Mr. Martin argues that Mr. Calderon lacks personal knowledge about whether Mr. Martin actually was given a copy of the folder jacket or not. Opposition, ECF No. 44 at 10–11. As Mr. Calderon was not there when Mr. Martin signed the car rental agreement, this is true. It does not matter, though, because Mr. Calderon only declares that the folder jacket he submitted is the one that was in use at the time Mr. Martin signed the car rental agreement, and, as stated above, the car rental agreement incorporates the terms of the folder jacket.

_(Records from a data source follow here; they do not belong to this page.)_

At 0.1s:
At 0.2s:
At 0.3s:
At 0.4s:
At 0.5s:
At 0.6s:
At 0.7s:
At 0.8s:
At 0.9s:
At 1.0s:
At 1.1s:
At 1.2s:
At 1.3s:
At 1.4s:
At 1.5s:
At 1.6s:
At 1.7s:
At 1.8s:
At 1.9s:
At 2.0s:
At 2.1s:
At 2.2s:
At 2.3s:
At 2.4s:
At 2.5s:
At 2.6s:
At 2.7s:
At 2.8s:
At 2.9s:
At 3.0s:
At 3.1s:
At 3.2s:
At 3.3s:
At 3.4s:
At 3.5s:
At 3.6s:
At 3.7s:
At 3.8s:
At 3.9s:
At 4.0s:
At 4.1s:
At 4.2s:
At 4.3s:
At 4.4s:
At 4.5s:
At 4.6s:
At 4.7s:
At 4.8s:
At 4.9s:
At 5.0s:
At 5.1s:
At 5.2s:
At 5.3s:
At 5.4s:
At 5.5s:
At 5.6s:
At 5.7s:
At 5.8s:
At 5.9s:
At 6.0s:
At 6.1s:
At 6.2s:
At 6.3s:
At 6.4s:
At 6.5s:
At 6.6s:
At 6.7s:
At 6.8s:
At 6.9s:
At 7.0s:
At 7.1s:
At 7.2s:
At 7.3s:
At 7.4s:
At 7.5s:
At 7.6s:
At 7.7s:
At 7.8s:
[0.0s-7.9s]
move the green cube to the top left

Second, Mr. Martin argues that Costa Rican law provides that when an individual is a party to a commercial transaction that includes an arbitration agreement there must be written acceptance of both parties and that no one provided such a written acceptance on behalf of Costa Rica Rent a Car. Opposition, ECF No. 44 at 8–10. In support of this argument, Mr. Martin's counsel submits a declaration attaching: (1) an uncertified translation from http:// translate. google. com that purports to be Article 18 of Law 7727 (Law for the Alternative Resolution of Conflicts); (2) a chapter from The International Comparative Legal Guide to International Arbitration 2007 (Global Legal Group); and (3) a screenshot of an article from a website, http:// www. fijatevos. com, that discusses Costa Rican law. See McGuinn Declaration, ECF No. 44–1, Exs. 1–3.

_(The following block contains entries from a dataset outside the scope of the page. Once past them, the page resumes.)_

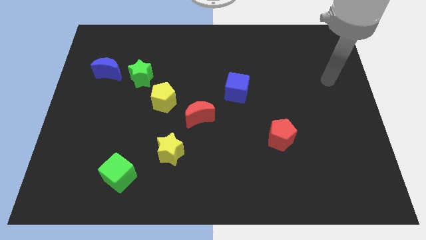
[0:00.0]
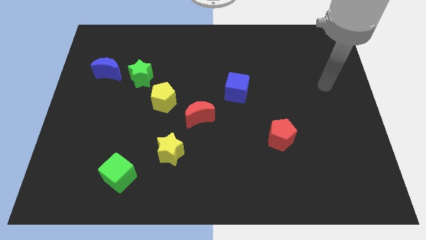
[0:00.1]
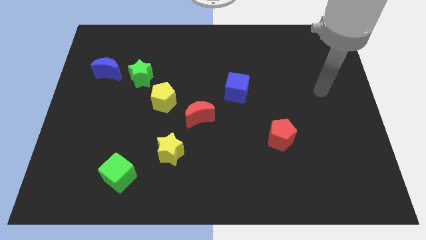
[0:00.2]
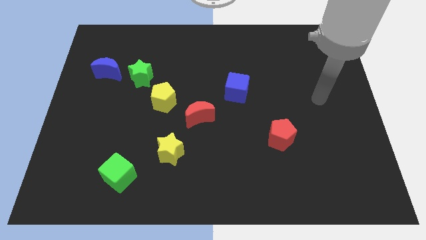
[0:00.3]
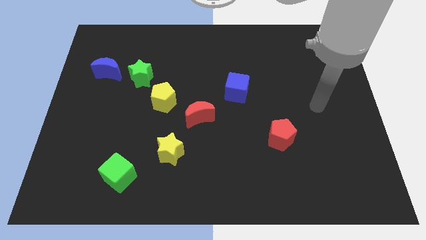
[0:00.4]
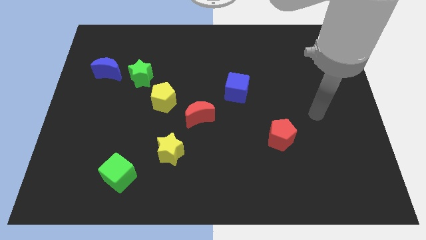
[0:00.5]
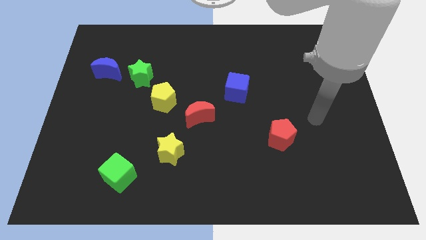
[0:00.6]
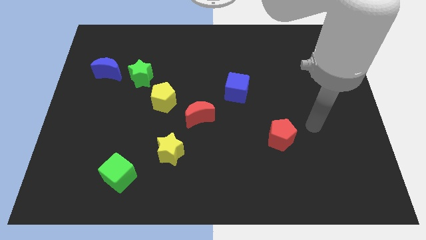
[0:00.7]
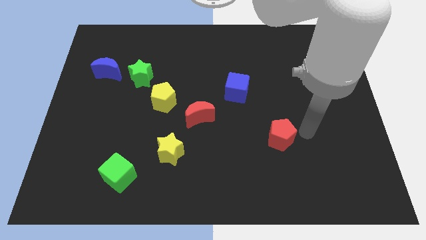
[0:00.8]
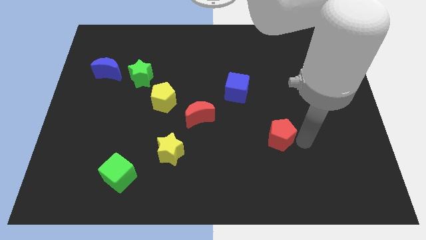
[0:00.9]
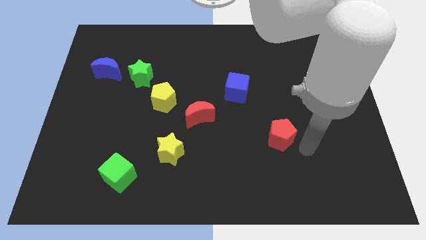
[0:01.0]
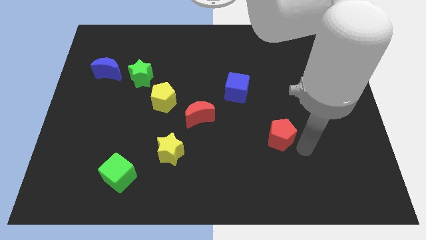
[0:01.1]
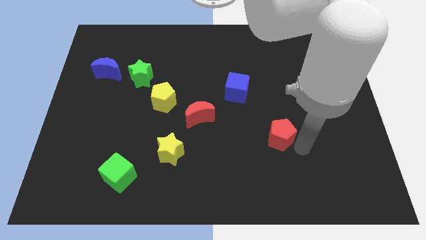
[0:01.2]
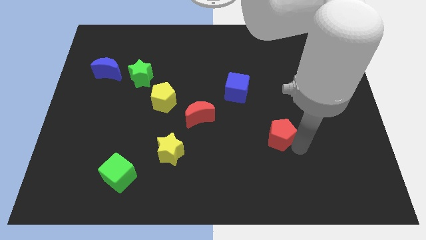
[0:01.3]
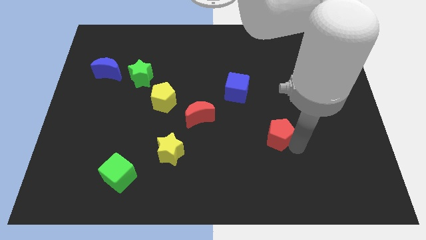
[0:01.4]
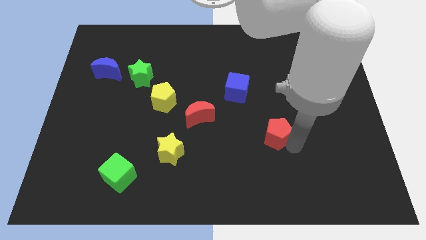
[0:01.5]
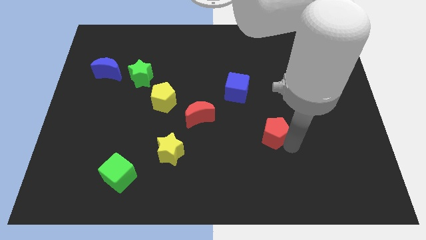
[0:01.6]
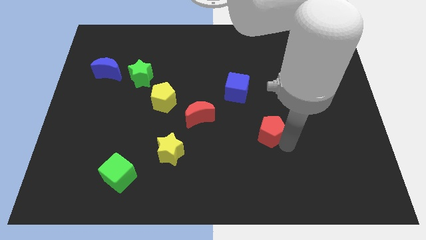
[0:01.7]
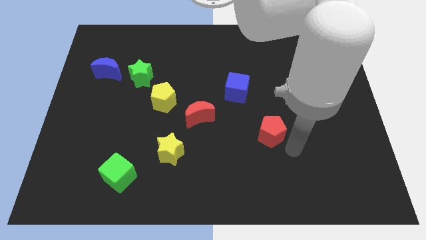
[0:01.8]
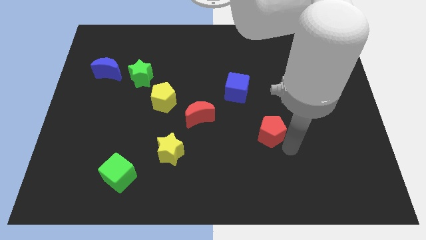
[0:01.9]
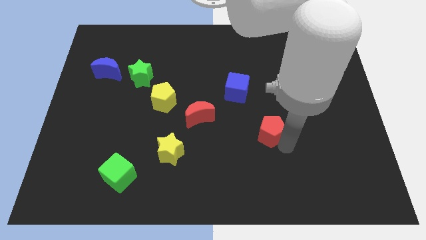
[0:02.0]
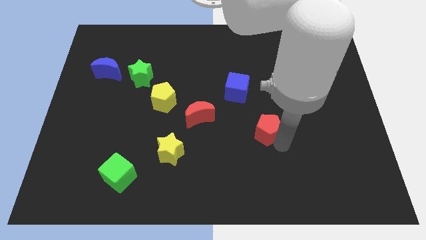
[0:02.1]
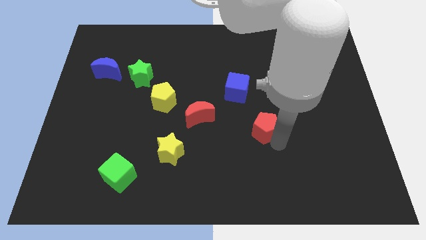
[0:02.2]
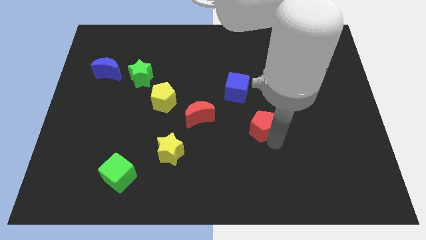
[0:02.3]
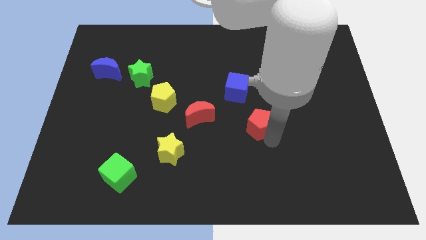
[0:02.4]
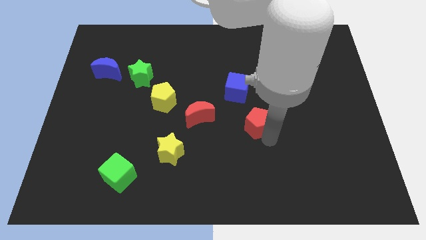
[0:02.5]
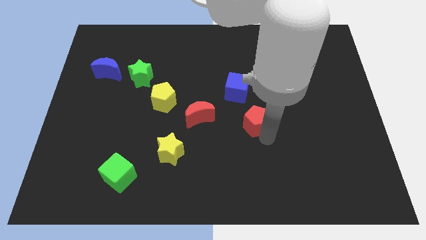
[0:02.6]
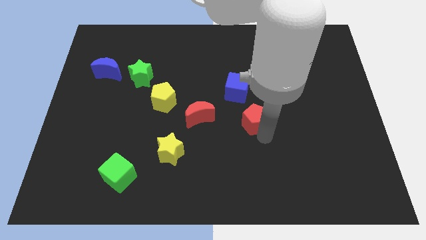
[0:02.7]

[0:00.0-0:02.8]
slide the red pentagon somewhat diagonally up and to the left

A court determining foreign law “may consider any relevant material or source, including testimony, whether or not submitted by a party or admissible under the Federal Rules of Evidence.” Fed.R.Civ.P. 44.1. “Although, pursuant to Rule 44.1, courts may ascertain foreign law through numerous means, expert testimony accompanied by extracts from foreign legal materials has been and will likely continue to be the basic mode of proving foreign law.” Universe Sales Co., Ltd. v. Silver Castle, Ltd., 182 F.3d 1036, 1038 (9th Cir.1999) (citation omitted). Mr. Martin's counsel's declaration is not expert testimony, and the documents submitted are of questionable accuracy. The court finds Mr. Martin's argument regarding Costa Rican law unsupported.

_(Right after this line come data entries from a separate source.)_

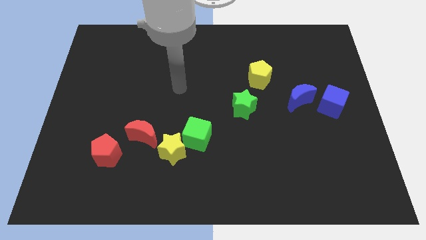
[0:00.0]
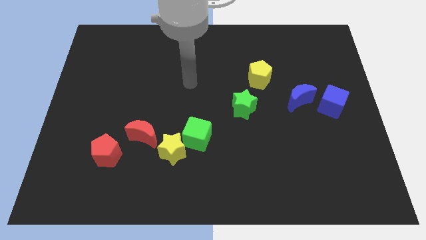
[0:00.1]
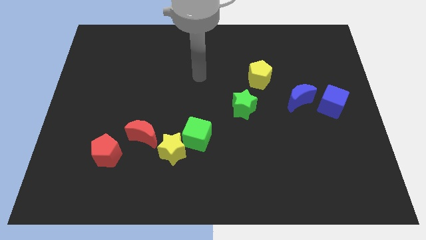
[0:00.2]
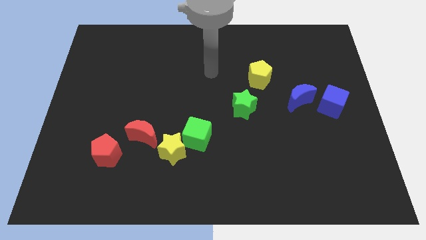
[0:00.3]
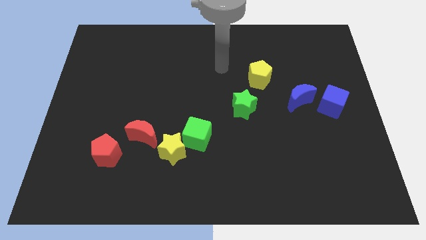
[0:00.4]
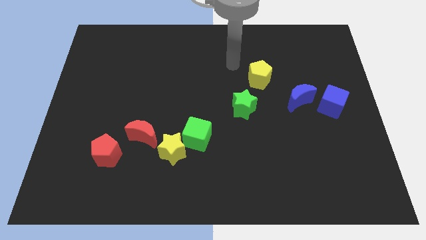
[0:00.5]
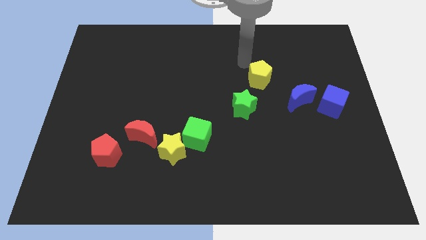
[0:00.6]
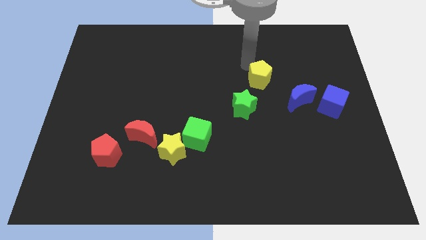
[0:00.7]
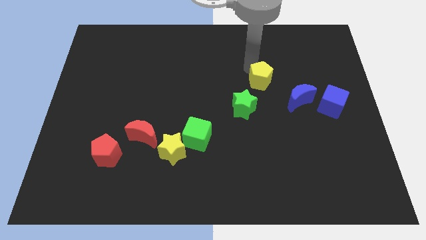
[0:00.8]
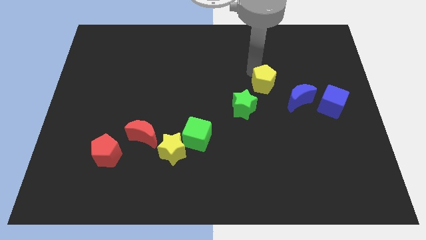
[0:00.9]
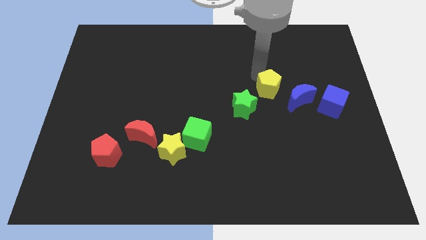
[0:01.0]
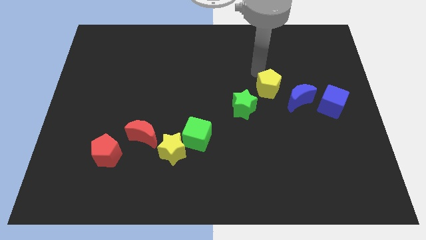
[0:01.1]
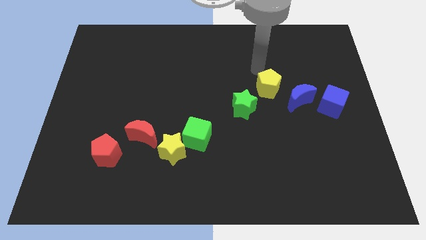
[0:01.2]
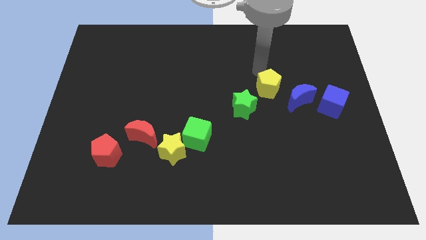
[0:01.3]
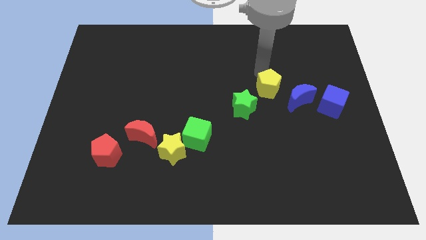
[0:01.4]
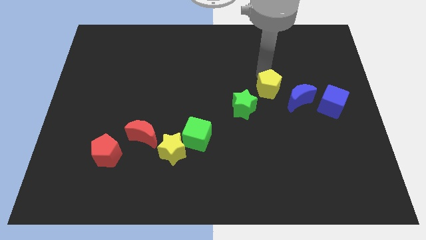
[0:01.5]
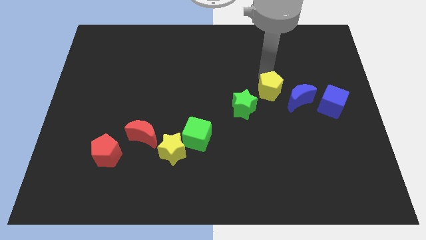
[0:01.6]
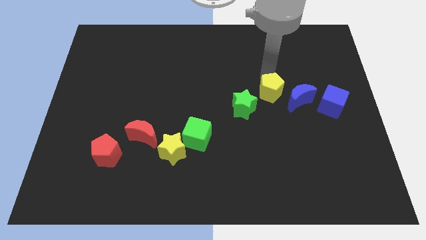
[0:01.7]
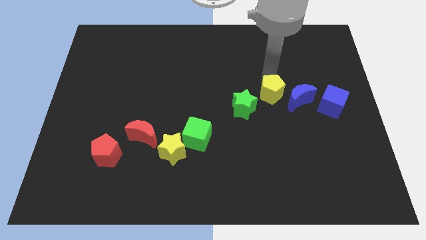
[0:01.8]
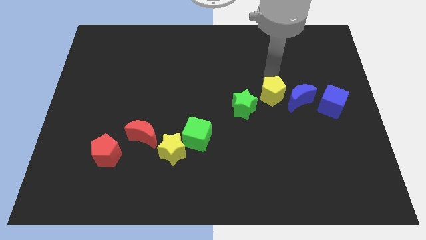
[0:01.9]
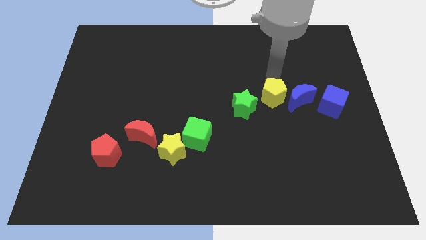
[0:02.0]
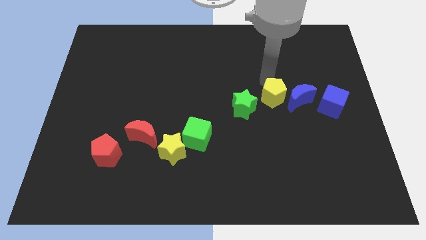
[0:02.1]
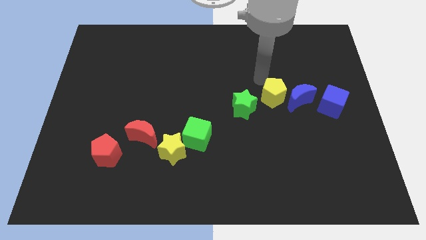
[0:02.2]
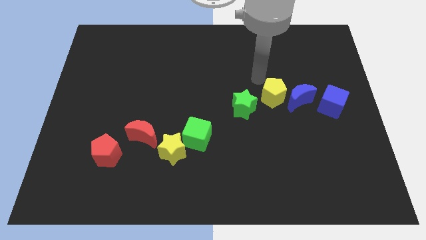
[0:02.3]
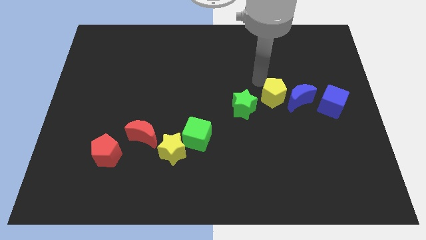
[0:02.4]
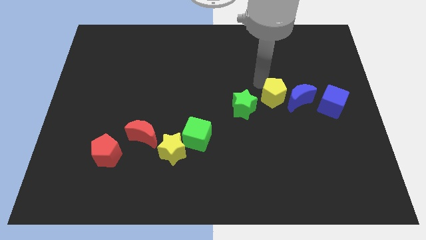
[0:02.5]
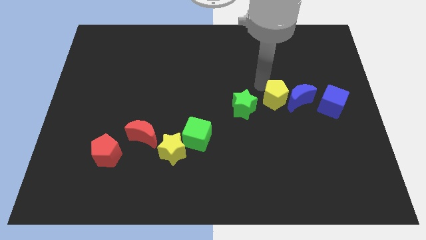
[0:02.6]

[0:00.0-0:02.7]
push the yellow pentagon down and right a bit

In any event, the court briefly conducted its own internet-based research and found other “relevant material” that suggests that the law Mr. Martin cites may no longer apply. See Kluwer Arbitration Blog, “Costa Rica has a New Arbitration Law,” http:// kluwerarbit rationblog. com/ blog/ 2011/ 06/ 04/ costa- rica- has- a- new- arbitration- law/ (last visited June 20, 2012).
Accordingly, the court finds that a valid arbitration agreement exists. B. Whether Hertz May Enforce the Arbitration Agreement
The FAA “imposes certain rules of fundamental importance, including the basic precept that arbitration ‘is a matter of consent, not coercion.’ ” Stolt–Nielsen S.A. v. AnimalFeeds Int'l Corp., ––– U.S. ––––, 130 S.Ct. 1758, 1773, 176 L.Ed.2d 605 (2010) (quoting Volt Information Sciences, Inc. v. Bd. of Trustees of Leland Stanford Univ., 489 U.S. 468, 479, 109 S.Ct. 1248, 103 L.Ed.2d 488 (1989)). “The right to compel arbitration stems from a contractual right,” which generally “may not be invoked by one who is not a party to the agreement and does not otherwise possess the right to compel arbitration.” Britton v. Co-op Banking Group, 4 F.3d 742, 744 (9th Cir.1993) (citation omitted).
Under the FAA, the question of whether a nonsignatory can compel a signatory to arbitrate a claim pursuant to an arbitration agreement is determined by the federal substantive law of arbitrability. Int'l Paper Co. v. Schwabedissen Maschinen & Anlagen GMBH, 206 F.3d 411, 417 n. 4 (4th Cir.2000) (“The Supreme Court has directed that we ‘apply ordinary state law principles that govern the formation of contracts,’ and the ‘federal substantive law of arbitrability.’ Thus state law determines questions ‘concerning the validity, revocability, or enforceability of contracts generally,’ but the [FAA] and the Convention on the Recognition and Enforcement of Foreign Arbitral Awards, enforced by 9 U.S.C. §§ 201–08 (1994), ‘create a body of federal substantive law of arbitrability, applicable to any arbitration agreement within the coverage of the Act.’ ”) (internal citations omitted); see also Metalclad Corp. v. Ventana Environmental Organizational P'ship, 109 Cal.App.4th 1705, 1712–13, 1 Cal.Rptr.3d 328 (2003).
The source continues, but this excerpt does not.